Day-to-Day Operations

To manage everything smoothly day-to-day, Spencer divides his time into structured “success blocks” focused on priorities:

  • Morning ritual – Cardio, stretch, cold shower, cleaning
  • Learning – reading, journal, meditation
  • PQO: Prolific Quality Output from 8-11am without any distractions
  • Quick check on stats/dashboard from 11 am-12 pm
  • Content creation – Filming videos, ideating new lessons, designing graphics from 12pm-4pm
  • Working out and family time from 4pm-8pm
  • Evening catch-up – Processing emails, messages, and misc. to-do items from 8pm-10pm

He also adheres strictly to the “11am rule” where he ignores messages before 11:00am to reserve mornings for strategic work. This discipline enables him to effectively scale the business.

Looking Ahead

Given his success so far, Spencer plans on continuing to widen his course curriculum, physical product line, and even considering a company rebrand to serve a broader audience.

He plans to launch in additional international markets, localizing content where needed.

While his brand has a very broad global appeal, Spencer sees huge potential in tailored messaging and translations based on factors that differ across countries.

He also plans to rebrand.
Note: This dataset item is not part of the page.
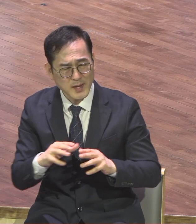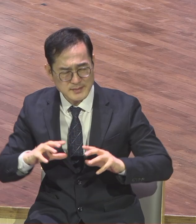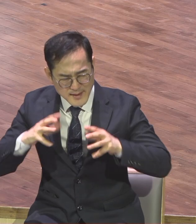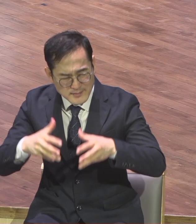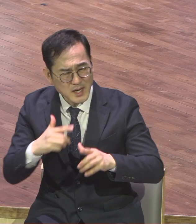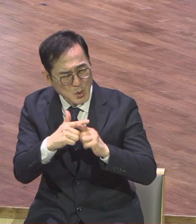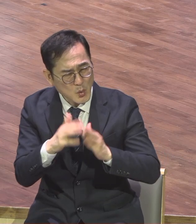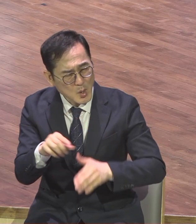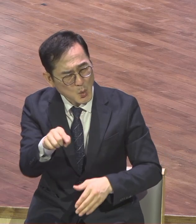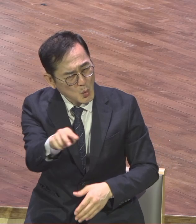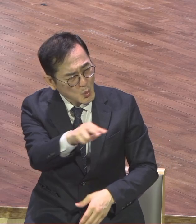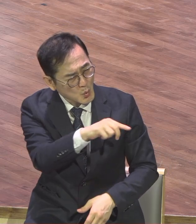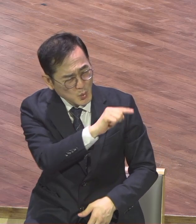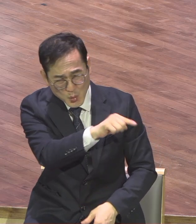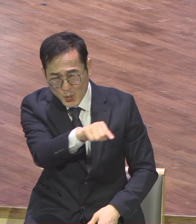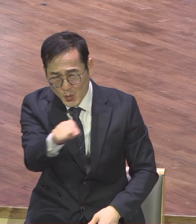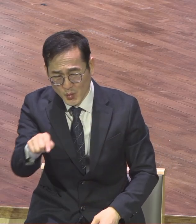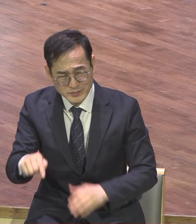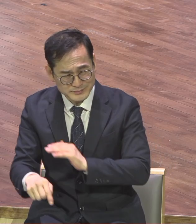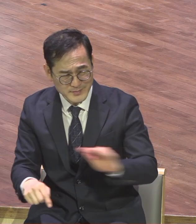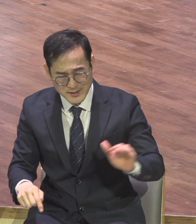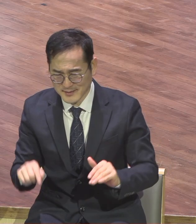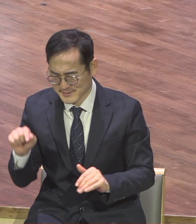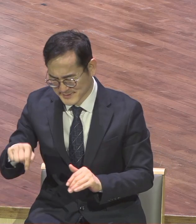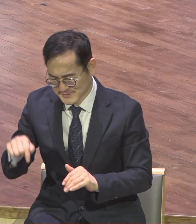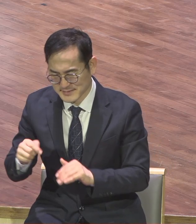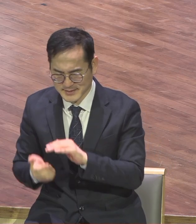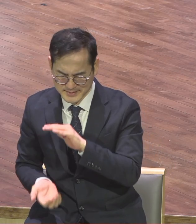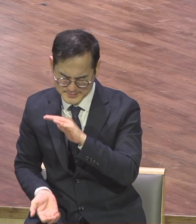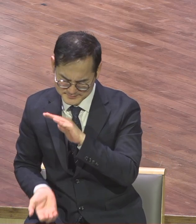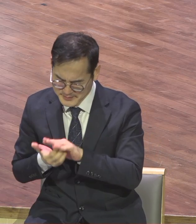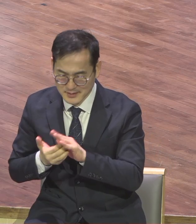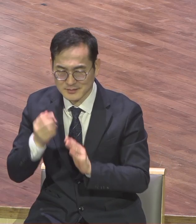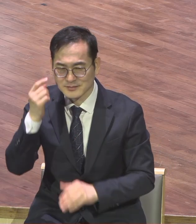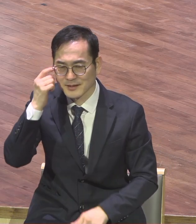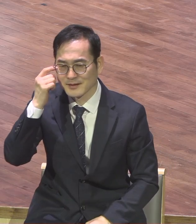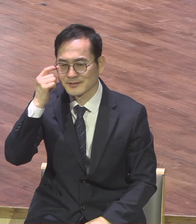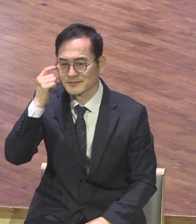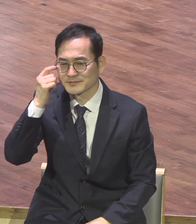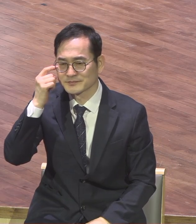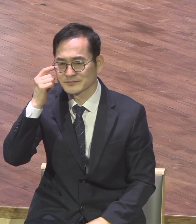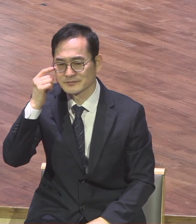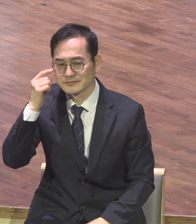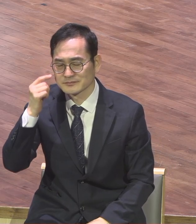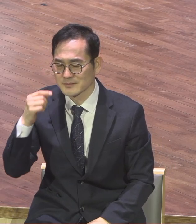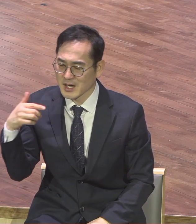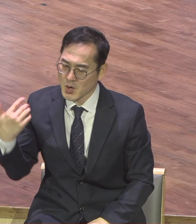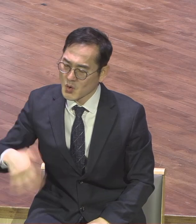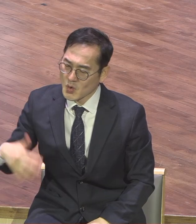함께 막 기도하는 모습 저는 충격 정말 말로 다 표현 못하겠어요 이야 이런 거 처음 봤어요

As he put it:

“The biggest thing that is on the horizon that we haven’t talked about much publicly is a rebrand away from the name Toddlers Can Read towards a more universal and inclusive name with programs targeted for different ages from toddlers to bigger kids to adults.”

He continues to listen closely to customer feedback to ensure his company direction stays aligned with their evolving needs. But he never loses sight of the core purpose—empowering parents to maximize their kids’ reading potential.

Spencer’s combination of genuine care for his audience and strategic innovation positions him for growth.

Key Takeaways

  • Embrace a blue ocean strategy. Thoroughly analyze competitors and customer needs to identify wide open niches worth pursuing.
  • Focus on quick wins on social media to get attention and solve problems. Adapt content for your audience, leverage social media for viral growth, and diversify traffic sources to avoid sole reliance on external platforms.
  • Listen to customer feedback and adapt accordingly. Customer input guided Spencer’s expansion into physical products and potential subscription model. Build what people want.

Spencer’s #1 Tip for Side Hustle Nation

“Don’t be afraid to go all in. Take a big step. Give it full-time energy, even if not full-time hours.”